Президент Ираклии молча развернул на столе старинную кожаную карту Кавказа. Ее делали настоящие мастера, какими славилась в прошлые времена эта земля. Карта была рельефной. Августа узнала под лунным светом крохотный Эльбрус, извилистые синие линии Терека и Куры. Глахуна извлек из выдвижного ящика стола скальпель, тщательно протер его смоченным в спирте ватным тампоном.
– Ты хочешь меня зарезать скальпелем, Глахуна? – искренне удивилась Августа.
Ей вспомнились слова генерала Толстого, что в народах, исповедующих на протяжении веков идею этнической чистоты и патриархальности (а ираклийцы были именно таким народом), процент сексуальных и интеллектуальных извращенцев едва ли не выше, чем в народах, напрочь отрицающих собственную историческую сущность, смешивающихся с кем и чем угодно, довольствующихся так называемой массовой культурой, то есть, в сущности, ничем, телевизионным экраном. По генералу Толстому, таким образом, все народы были похожи друг на друга, все были полусумасшедшими братьями, независимо от того, какими представлениями вдохновлялись их вожди.
Глахуна тем временем сделал на своем запястье аккуратный, но глубокий надрез. Кровь, темная в лунном свете, как гранатовое вино, пролилась тонким ручейком на старинную кожаную карту. Августа увидела, что предполагаемая линия нефтепровода вычерчена на карте черной тушью. Кровь из руки Глахуны не пожелала течь вдоль черной линии, прихотливо соскользнула с территории Ираклии.
– Ты видишь, мой народ не хочет нефтепровода, – поставил локоть на карту Глахуна. – Возьми скальпель, принцесса, сделай надрез, увидим, чья кровь сильнее.
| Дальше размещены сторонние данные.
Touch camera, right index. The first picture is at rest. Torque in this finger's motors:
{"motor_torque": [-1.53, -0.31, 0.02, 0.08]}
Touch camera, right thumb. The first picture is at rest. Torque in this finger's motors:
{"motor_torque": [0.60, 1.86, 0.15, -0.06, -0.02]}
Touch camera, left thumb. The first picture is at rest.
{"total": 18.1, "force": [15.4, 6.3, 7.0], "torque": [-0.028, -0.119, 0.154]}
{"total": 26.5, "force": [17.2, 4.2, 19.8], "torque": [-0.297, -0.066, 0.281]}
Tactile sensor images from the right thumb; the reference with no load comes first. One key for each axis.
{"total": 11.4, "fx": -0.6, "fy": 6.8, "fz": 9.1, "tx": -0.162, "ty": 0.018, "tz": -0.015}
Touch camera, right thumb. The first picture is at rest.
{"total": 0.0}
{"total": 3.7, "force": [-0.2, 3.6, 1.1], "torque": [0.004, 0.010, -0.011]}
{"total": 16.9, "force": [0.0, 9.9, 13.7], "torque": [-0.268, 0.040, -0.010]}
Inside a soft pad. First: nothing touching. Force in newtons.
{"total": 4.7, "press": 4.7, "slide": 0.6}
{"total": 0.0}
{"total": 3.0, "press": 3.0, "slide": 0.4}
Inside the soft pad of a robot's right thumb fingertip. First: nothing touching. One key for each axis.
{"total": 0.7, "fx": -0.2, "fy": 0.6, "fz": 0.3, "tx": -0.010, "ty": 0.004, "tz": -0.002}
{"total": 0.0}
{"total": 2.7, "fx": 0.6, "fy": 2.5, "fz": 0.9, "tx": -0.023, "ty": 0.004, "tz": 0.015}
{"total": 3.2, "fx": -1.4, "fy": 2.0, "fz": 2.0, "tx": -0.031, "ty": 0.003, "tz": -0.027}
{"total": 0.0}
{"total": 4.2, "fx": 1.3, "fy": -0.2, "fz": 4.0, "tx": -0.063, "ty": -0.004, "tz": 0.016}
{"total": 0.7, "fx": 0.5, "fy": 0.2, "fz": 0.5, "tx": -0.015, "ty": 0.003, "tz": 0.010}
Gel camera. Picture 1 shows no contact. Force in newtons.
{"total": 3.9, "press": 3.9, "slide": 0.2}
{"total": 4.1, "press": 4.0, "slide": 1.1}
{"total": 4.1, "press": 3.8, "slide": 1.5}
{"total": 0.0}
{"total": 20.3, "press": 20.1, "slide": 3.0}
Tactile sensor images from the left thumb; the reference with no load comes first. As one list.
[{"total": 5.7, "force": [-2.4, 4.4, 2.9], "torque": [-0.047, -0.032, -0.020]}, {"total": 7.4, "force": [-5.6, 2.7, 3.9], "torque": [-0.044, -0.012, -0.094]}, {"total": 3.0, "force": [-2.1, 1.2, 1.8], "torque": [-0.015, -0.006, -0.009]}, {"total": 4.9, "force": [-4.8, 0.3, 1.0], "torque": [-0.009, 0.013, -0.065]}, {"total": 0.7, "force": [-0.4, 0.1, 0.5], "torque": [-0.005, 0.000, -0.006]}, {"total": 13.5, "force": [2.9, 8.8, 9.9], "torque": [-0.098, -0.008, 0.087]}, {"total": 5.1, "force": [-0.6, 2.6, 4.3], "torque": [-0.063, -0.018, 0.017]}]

Впервые в жизни Августа участвовала в столь странном армрестлинге. Она, как только что Глахуна, чуть надрезала руку, поставила локоть на стол, переплела свои горячие пальцы с холодными, как снег на горных вершинах, пальцами президента Ираклии. Августу приятно удивила чудесная сила, вдруг снизошедшая на ее руку. Рука Августы сделалась непреклонной и твердой, как мельхиор. Пальцы президента Глахуны таяли в ее пальцах.
Августа и представить себе не могла, что у нее такая умная и организованная кровь. Едва коснувшись кожаной поверхности карты, кровь Августы разделилась на капли, построилась в геометрически безупречное каре, наподобие знаменитой фаланги Александра Македонского. Ручеек крови президента Глахуны бестолково заметался между гор и долин.
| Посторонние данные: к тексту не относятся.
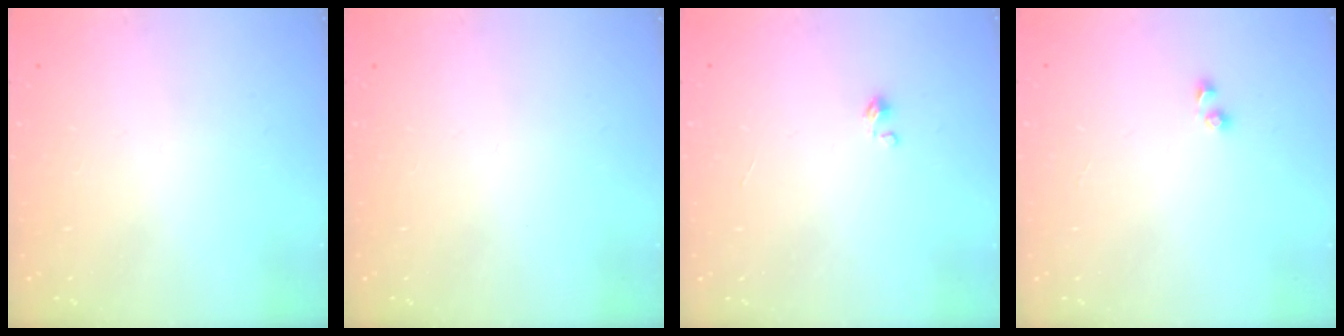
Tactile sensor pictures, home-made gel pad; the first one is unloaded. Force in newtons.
{"total": 0.0}
{"total": 0.0}
{"total": 2.5, "press": 2.2, "slide": 1.3}
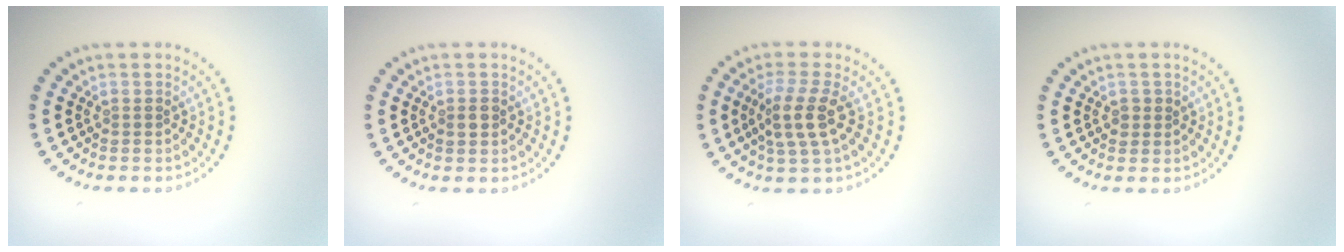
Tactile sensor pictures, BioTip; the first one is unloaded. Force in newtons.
{"total": 1.2, "press": 1.1, "slide": 0.2}
{"total": 3.6, "press": 3.2, "slide": 1.7}
{"total": 0.9, "press": 0.8, "slide": 0.3}
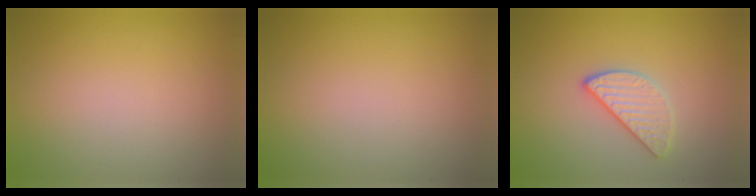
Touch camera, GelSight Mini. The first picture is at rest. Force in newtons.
{"total": 0.0}
{"total": 2.6, "press": 2.5, "slide": 0.8}
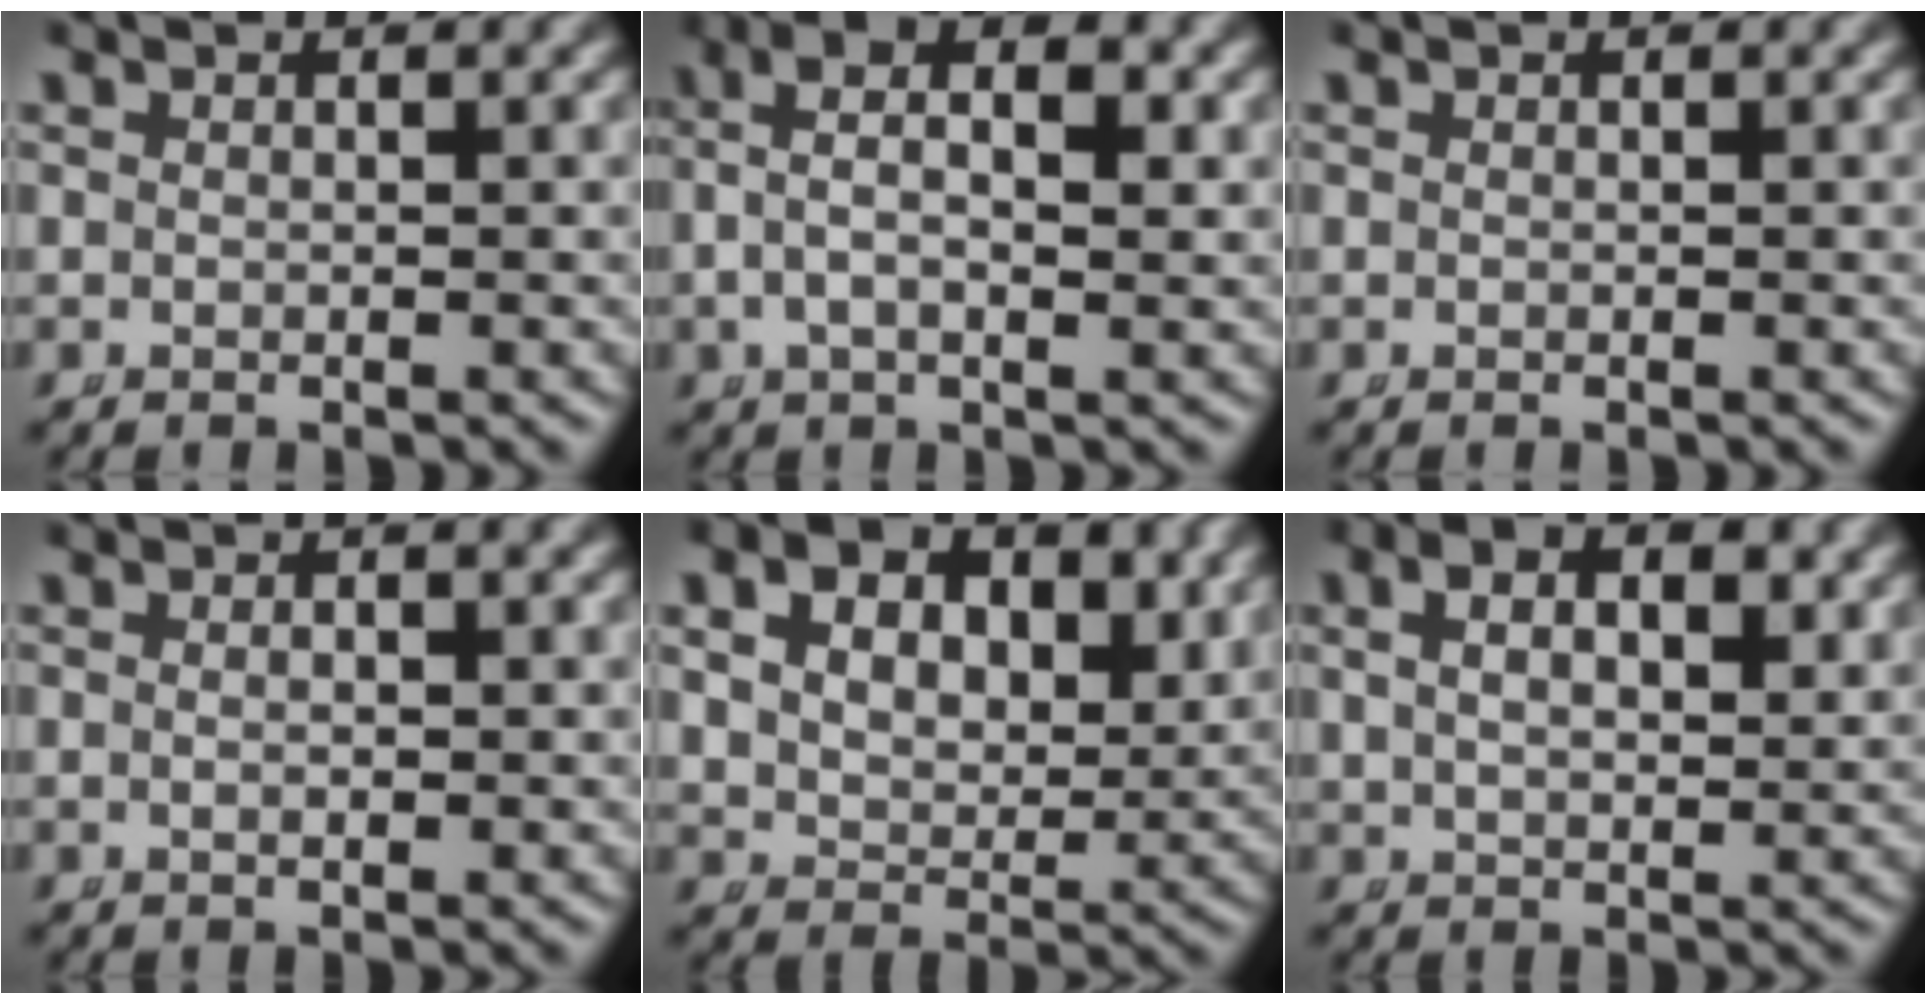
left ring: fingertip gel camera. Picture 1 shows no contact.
{"total": 6.0, "force": [1.4, 3.4, 4.8], "torque": [-0.084, 0.009, 0.014]}
{"total": 0.0}
{"total": 1.1, "force": [-0.2, 0.3, 1.1], "torque": [-0.020, -0.005, -0.002]}
{"total": 6.6, "force": [2.6, 4.7, 3.9], "torque": [-0.080, -0.027, 0.049]}
{"total": 4.0, "force": [1.6, 2.2, 2.9], "torque": [-0.046, 0.001, 0.029]}

Августа забыла об армрестлинге, так увлекло, захватило ее происходящее на карте. Кровь президента Глахуны уже напоминала перепуганную змейку, пытающуюся скрыться, спрятаться от преследующей ее длинноногой цапли или дрофы. Фаланга Августы между тем вытянулась в прямоугольник, наглухо заперев глупую змейку в ущелье. После чего стремительно вылетевшие из прямоугольника стрелы рассекли тело змейки, превратили его в дрожащие лужицы, которые некоторое время обнаруживали тенденцию к соединению, но после коротких дополнительных ударов совершенно успокоились, безвольно и покорно вытянулись вдоль вычерченного на карте черной тушью маршрута нефтепровода.
Все было кончено.
Августа посмотрела на президента Глахуну. Он бледнел, растворялся в лунном свете, как ирреальное существо, из сновидения вышедшее и в сновидение же возвращающееся. Августа увидела в глазах Глахуны уже нечеловеческую тоску, неизбежно сопровождающую переход в мир, где нет смерти, но нет и жизни.
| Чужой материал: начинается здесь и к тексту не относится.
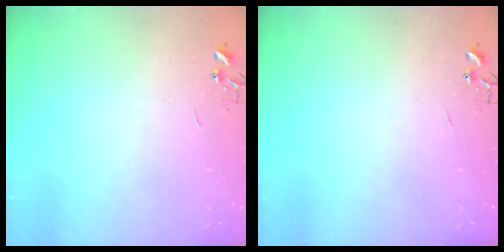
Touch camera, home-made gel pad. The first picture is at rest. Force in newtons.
{"total": 0.0}
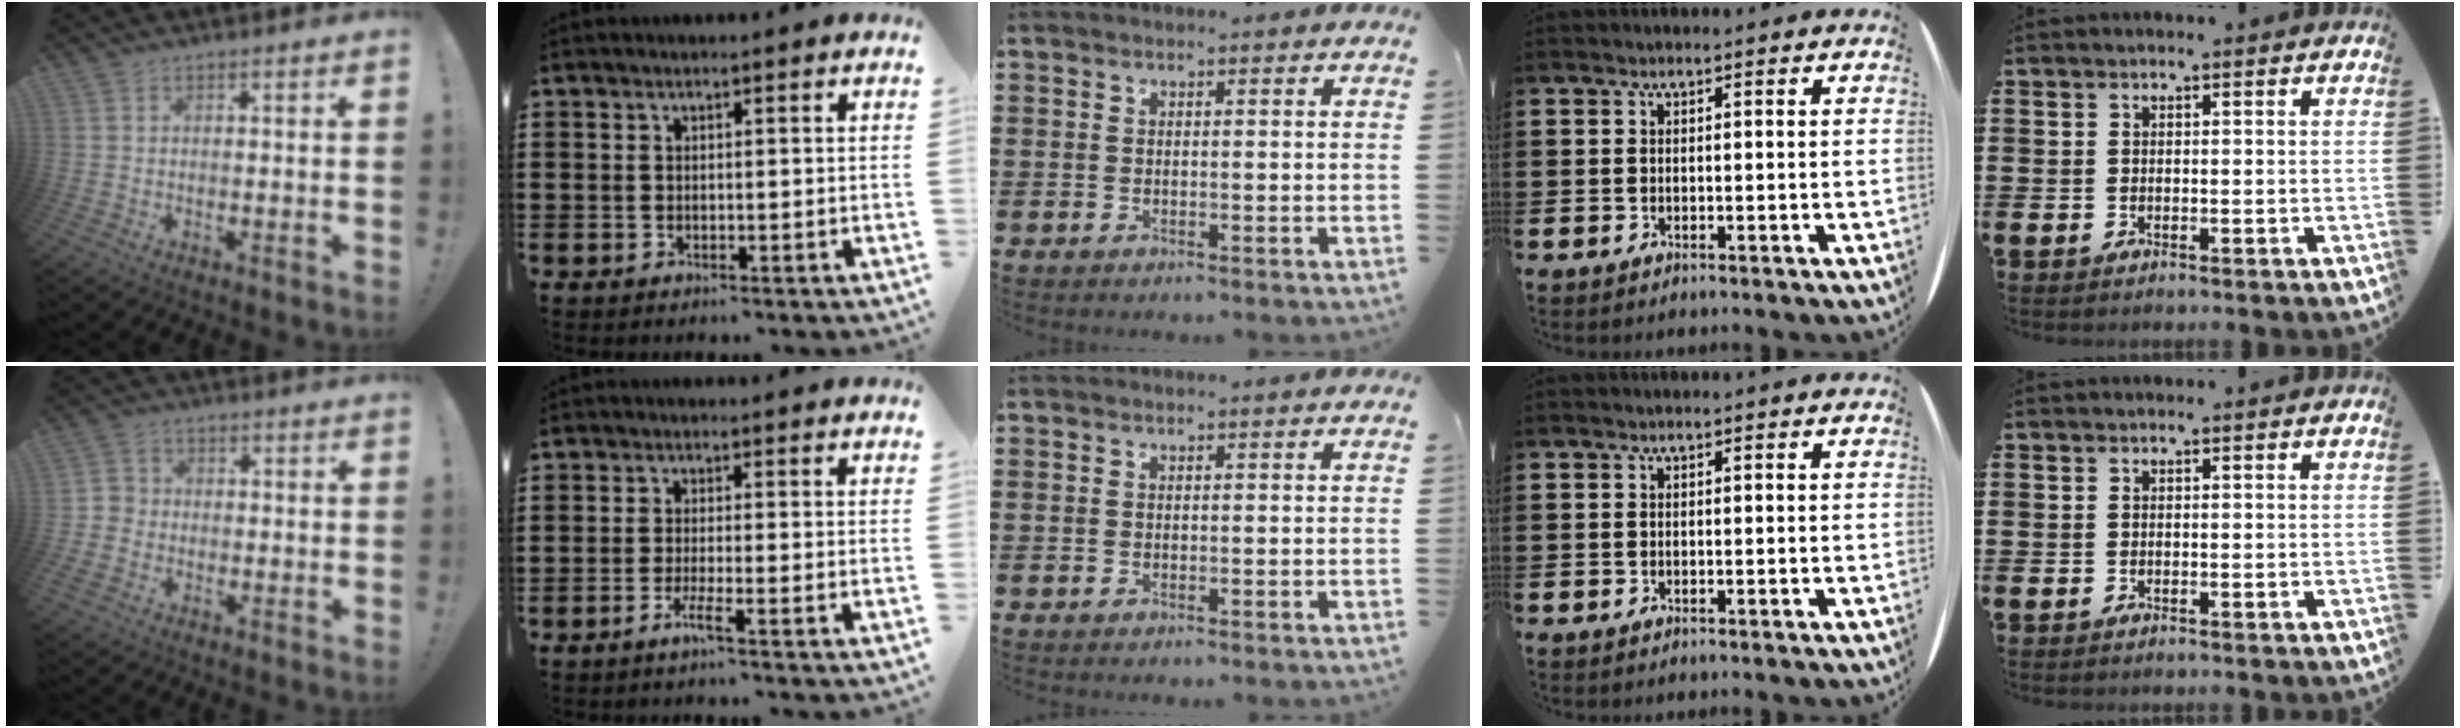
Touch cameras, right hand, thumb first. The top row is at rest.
{"thumb": {"total": 4.1, "force": [-1.9, 3.4, 1.3], "torque": [-0.028, 0.006, -0.038]}, "index": {"total": 2.9, "force": [-1.8, -0.2, 2.2], "torque": [-0.045, -0.007, -0.035]}}

– Скажи ему, принцесса, что он будет следующим, – расслышала Августа гаснущий в астрале, лишенный эмоций голос президента Ираклии. – Ты, принцесса, никогда не сумеешь родить, потому что можешь зачать только от смерти. Но смерть, принцесса, в мире, который я покидаю, а ты пока остаешься – бесплодна, как свет погасшей звезды!